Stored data
* * * *
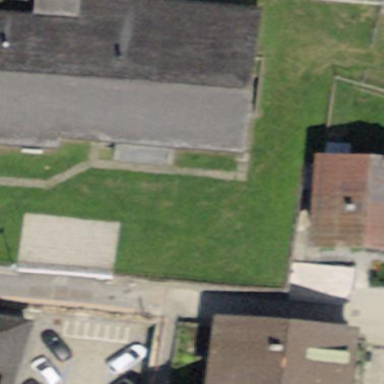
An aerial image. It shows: School building.
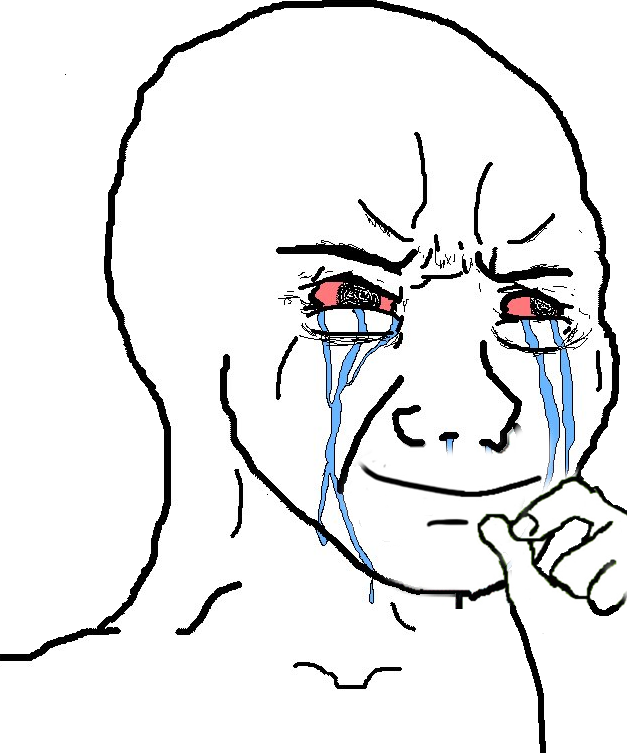
Label: 5_Bloomer
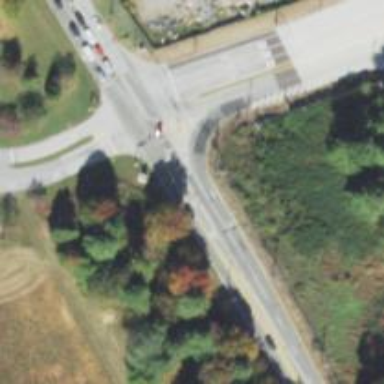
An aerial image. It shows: Primary link road with asphalt surface.
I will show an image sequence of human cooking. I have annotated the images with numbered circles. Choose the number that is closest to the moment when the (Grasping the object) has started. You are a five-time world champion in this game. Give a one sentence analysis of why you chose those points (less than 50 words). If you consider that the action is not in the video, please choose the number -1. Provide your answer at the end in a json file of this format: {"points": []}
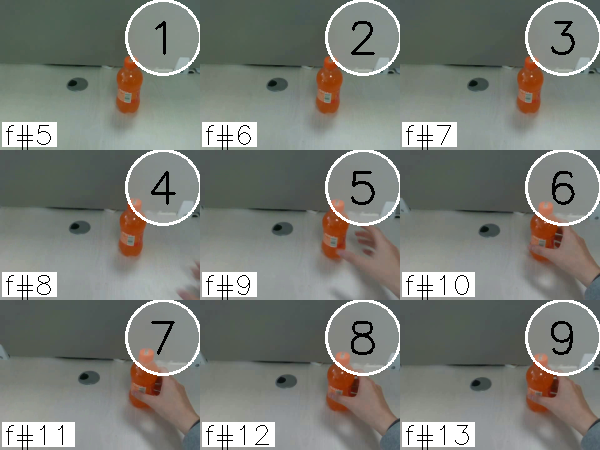
Frame 7 shows the clearest moment of hand-object contact.
{"points": [7]}
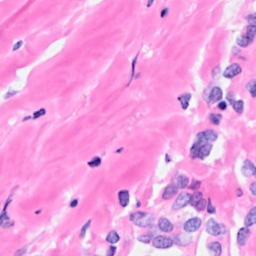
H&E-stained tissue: Breast
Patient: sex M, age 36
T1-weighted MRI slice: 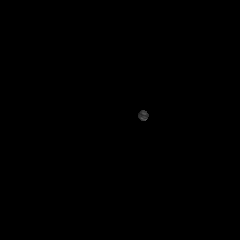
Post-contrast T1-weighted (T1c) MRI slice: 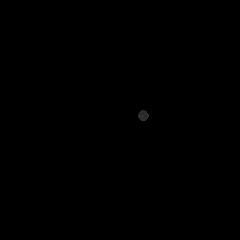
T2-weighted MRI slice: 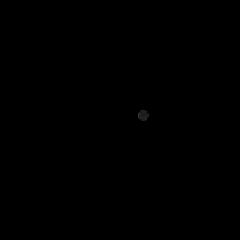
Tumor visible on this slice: no
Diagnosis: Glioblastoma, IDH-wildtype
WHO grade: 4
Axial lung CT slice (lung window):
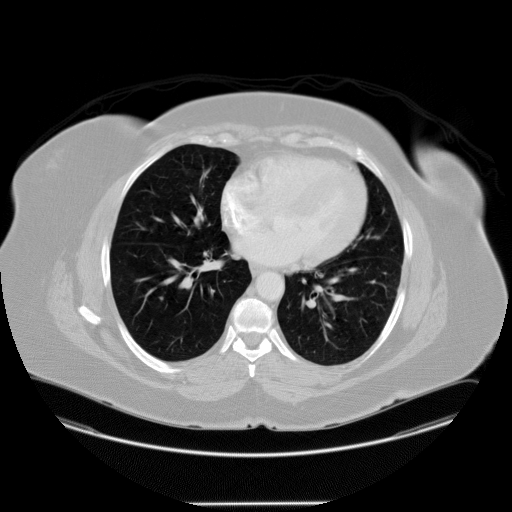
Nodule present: no
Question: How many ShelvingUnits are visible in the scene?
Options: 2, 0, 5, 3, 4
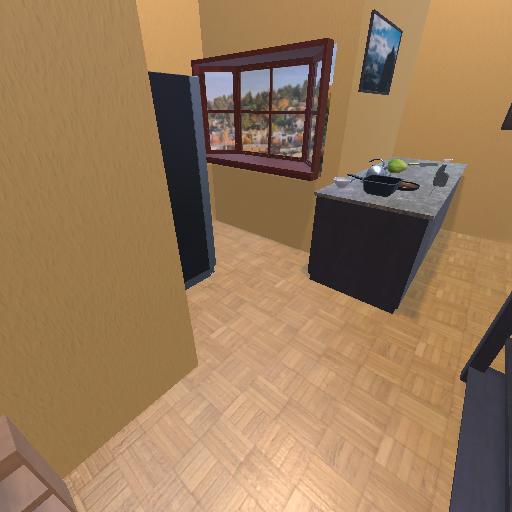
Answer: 2
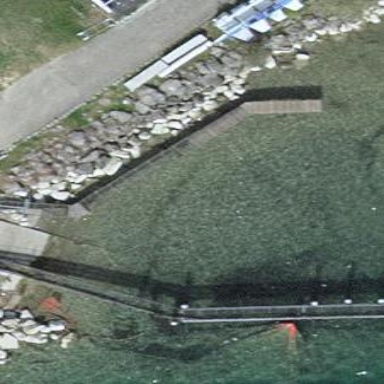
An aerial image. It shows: Pier made of metal.
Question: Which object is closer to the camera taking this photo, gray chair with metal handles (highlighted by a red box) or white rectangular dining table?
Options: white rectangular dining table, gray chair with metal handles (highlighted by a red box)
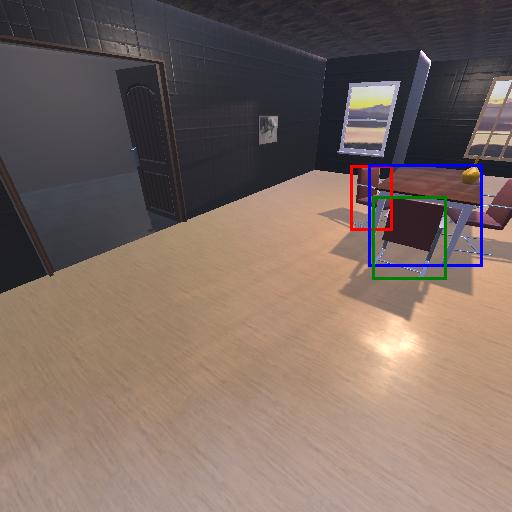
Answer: white rectangular dining table
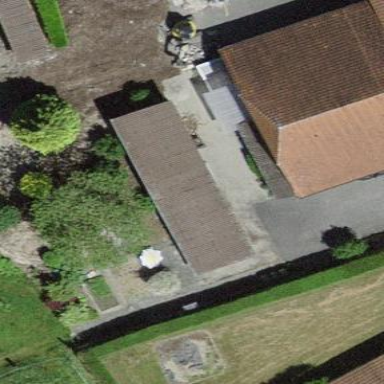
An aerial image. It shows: Rural barn.
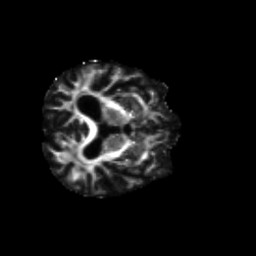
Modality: FA
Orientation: axial
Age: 62
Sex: male
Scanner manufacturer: siemens
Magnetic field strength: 3 T
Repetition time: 4.71 s
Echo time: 0.0906 s
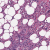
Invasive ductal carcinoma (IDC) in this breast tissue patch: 1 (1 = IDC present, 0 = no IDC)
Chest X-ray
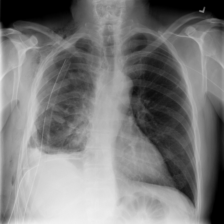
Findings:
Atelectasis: positive
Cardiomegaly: negative
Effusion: positive
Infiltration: negative
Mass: negative
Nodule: negative
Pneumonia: negative
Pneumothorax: negative
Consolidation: negative
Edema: negative
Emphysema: positive
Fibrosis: negative
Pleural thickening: negative
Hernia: negative
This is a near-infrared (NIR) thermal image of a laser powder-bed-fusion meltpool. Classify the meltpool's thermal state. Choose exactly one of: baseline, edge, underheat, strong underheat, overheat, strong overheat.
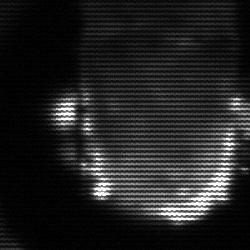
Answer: baseline
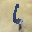
Label: 6
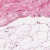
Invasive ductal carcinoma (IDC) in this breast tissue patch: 0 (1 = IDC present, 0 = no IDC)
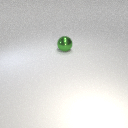
large green metal sphere
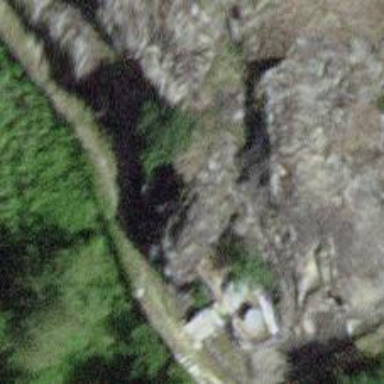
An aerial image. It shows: Natural cliff.
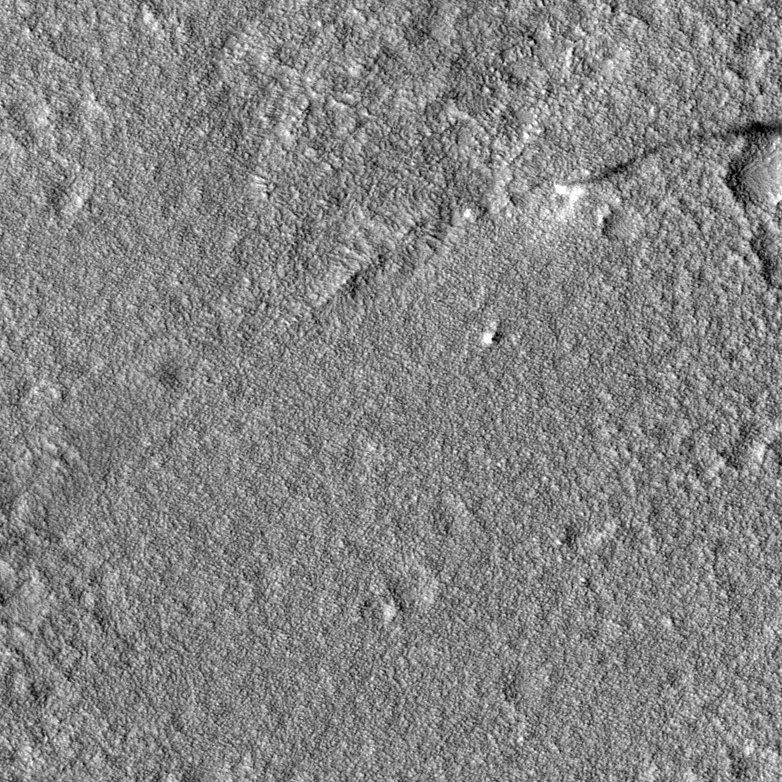
Label: dustdevil
* * * *
§ Your task: Copy word for word the lines of the records above from the one with "WHO grade: 4" up to and including the one with "This is a near-infrared". Skip the pictures.

§ Answer to this task:
WHO grade: 4
Axial lung CT slice (lung window):
Nodule present: no
Question: How many ShelvingUnits are visible in the scene?
Options: 2, 0, 5, 3, 4
Answer: 2
An aerial image. It shows: Pier made of metal.
Question: Which object is closer to the camera taking this photo, gray chair with metal handles (highlighted by a red box) or white rectangular dining table?
Options: white rectangular dining table, gray chair with metal handles (highlighted by a red box)
Answer: white rectangular dining table
An aerial image. It shows: Rural barn.
Modality: FA
Orientation: axial
Age: 62
Sex: male
Scanner manufacturer: siemens
Magnetic field strength: 3 T
Repetition time: 4.71 s
Echo time: 0.0906 s
Invasive ductal carcinoma (IDC) in this breast tissue patch: 1 (1 = IDC present, 0 = no IDC)
Chest X-ray
Findings:
Atelectasis: positive
Cardiomegaly: negative
Effusion: positive
Infiltration: negative
Mass: negative
Nodule: negative
Pneumonia: negative
Pneumothorax: negative
Consolidation: negative
Edema: negative
Emphysema: positive
Fibrosis: negative
Pleural thickening: negative
Hernia: negative
This is a near-infrared (NIR) thermal image of a laser powder-bed-fusion meltpool. Classify the meltpool's thermal state. Choose exactly one of: baseline, edge, underheat, strong underheat, overheat, strong overheat.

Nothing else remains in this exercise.